Saturday Night Fever

You want to know a dirty little secret?  This is something that I’ve told very little people… something that sounds bizarre, shameful and maybe even confusing.  It’s confusing to me even when it comes out of my mouth.

Sometimes I miss “the life”…

I don’t miss the lies, the pain, the rejection and humiliation but there are parts of me that do miss the adrenaline rush.  I miss the feeling problem solving in a crisis.  I miss reading the actions of dangerous people and the the feeling of accomplishment when I was able to talk my way out of the bad situation.  This is horrible, but I miss feeling like I had a one-up on the world.  There were all those “squares” out there that had no bloody clue as to what real life was like.  They’d stress out about having too much homework or because their boss didn’t give them enough shifts at work.  I knew that I was capable of handling so much more than the normal stress.  I prided myself on being strong.  I dealt with the feeling of being an outsider by saying instead that at least I wasn’t naive.

There is a type of Saturday Night Fever to this life.  I’d choose to embrace the adrenaline instead of dreading the fear. As a way of coping I’d say that this life was my choice, that it was exciting and a rush because that was so much easier than admitting to myself that I was a victim.  We’ve all been on the inside and on the outside of a joke… it always feels better to be “in the know,” even if the secret is horrible.
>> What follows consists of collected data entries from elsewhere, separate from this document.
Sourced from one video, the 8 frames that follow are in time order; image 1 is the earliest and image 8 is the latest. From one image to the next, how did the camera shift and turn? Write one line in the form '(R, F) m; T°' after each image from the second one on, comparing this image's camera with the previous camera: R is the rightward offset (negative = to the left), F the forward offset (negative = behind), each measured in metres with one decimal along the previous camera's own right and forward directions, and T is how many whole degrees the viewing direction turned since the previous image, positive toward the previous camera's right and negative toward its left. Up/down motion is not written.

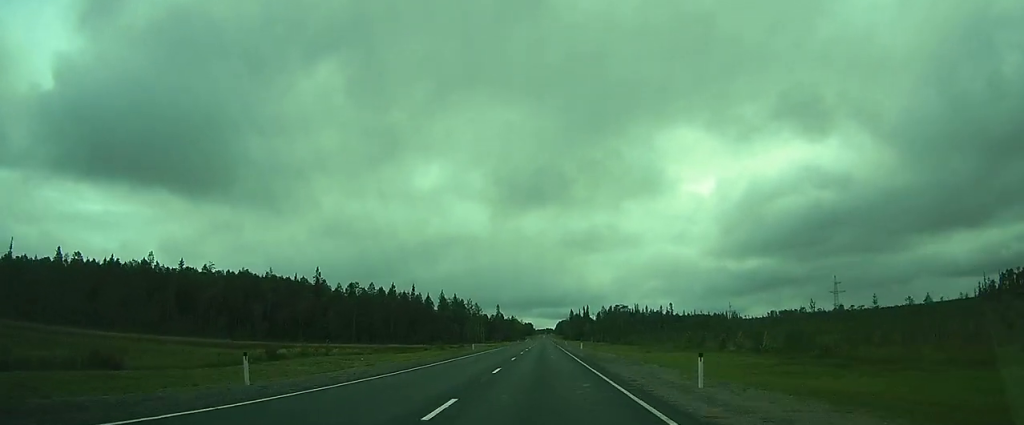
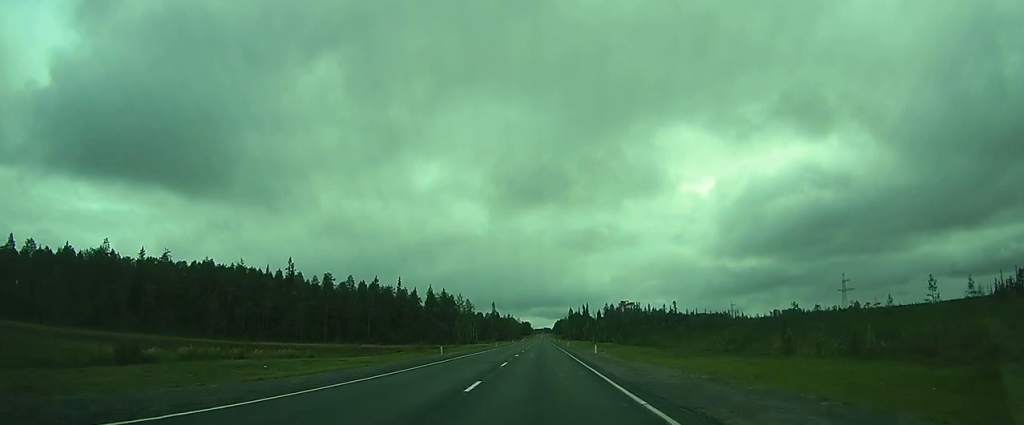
(0.0, +19.0) m; 0°
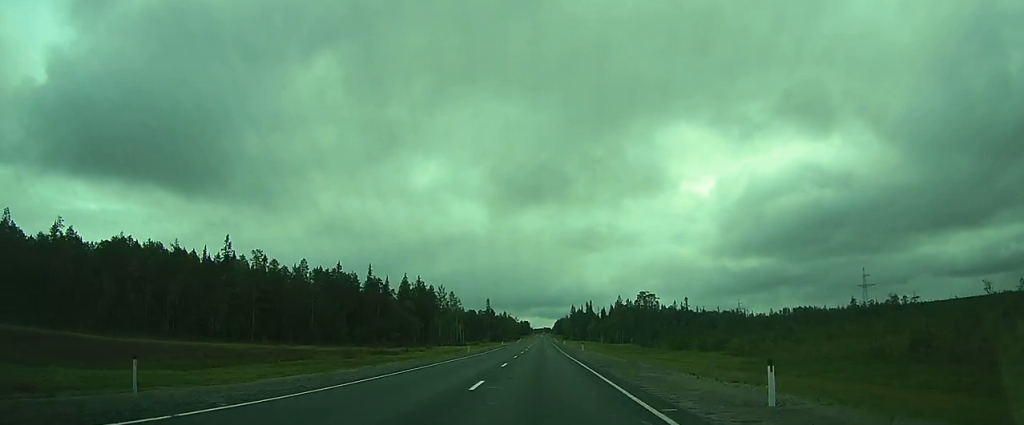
(-0.2, +35.0) m; 0°
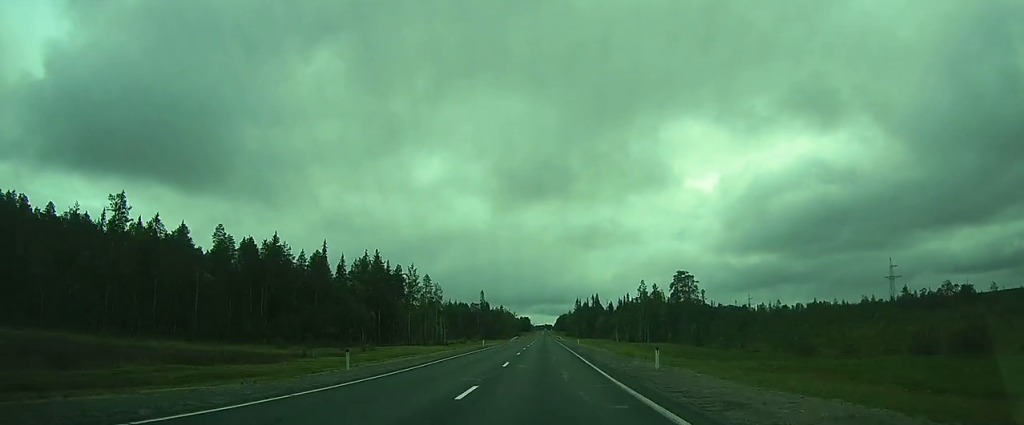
(+0.1, +37.9) m; 0°
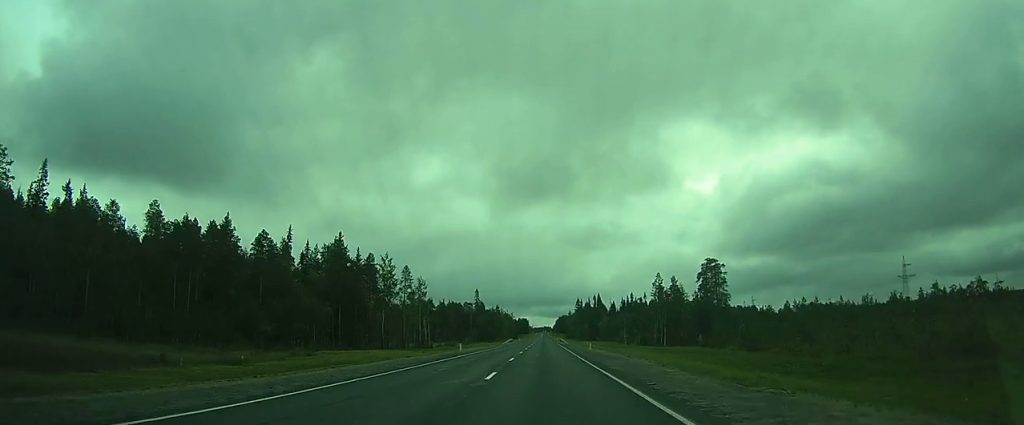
(0.0, +18.9) m; 0°
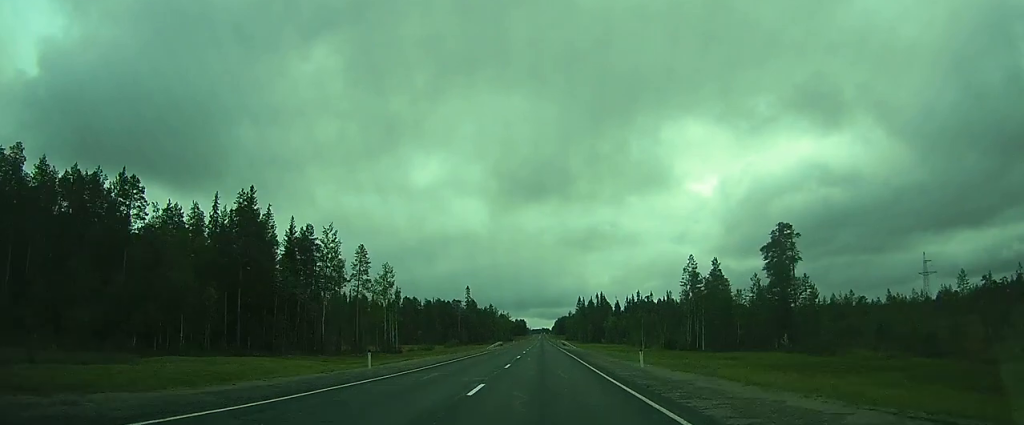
(-0.1, +27.2) m; 0°
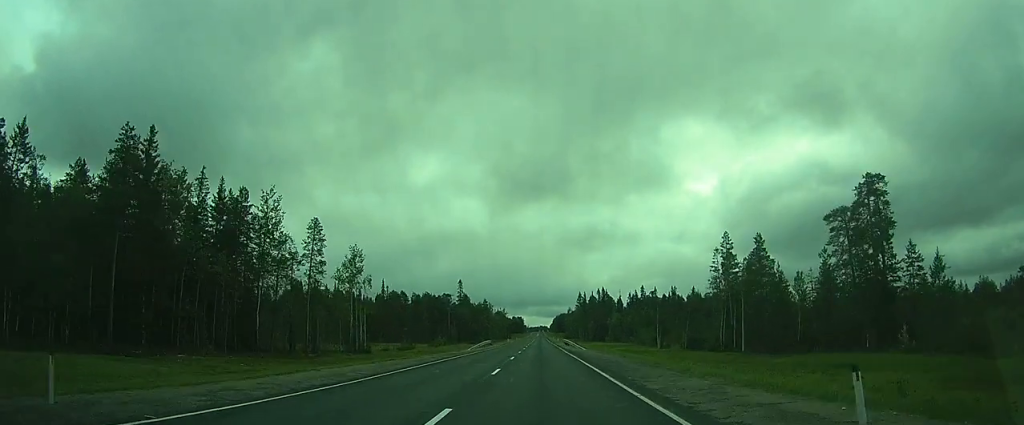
(0.0, +17.3) m; 0°
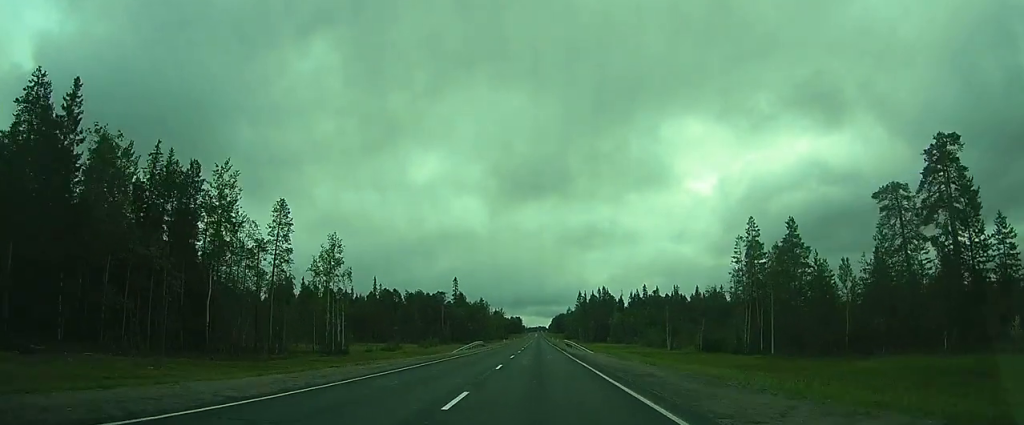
(0.0, +9.0) m; 0°

What’s interesting though is the very things that wound a trafficking victim also work to develop the skills in a survivor.  You see, from having to endure extraordinarily tough situations when I was younger I now have the ability to handle multi-task and manage stress.  I had to read people well back then in order to survive.  Now I read people in order to work as a better part of a team.

If you’re looking for practical ways to help survivors then HIRE them.  Let us turn our survival skills into something productive for more than just living.  Because survivors often have criminal records from their period of abuse it becomes very difficult to find work.  Once healthy, survivors of domestic trafficking do great in sales, customer, social services positions as well as many others.  If your an employer, consider contacting your local rehabilitative programs to see if they have a participant in mind who would fit your open position.

May this blog serve as an education to those who do not yet know or understand the atrocities of trafficking and may it serve as an encouragement to those who understand it all too well.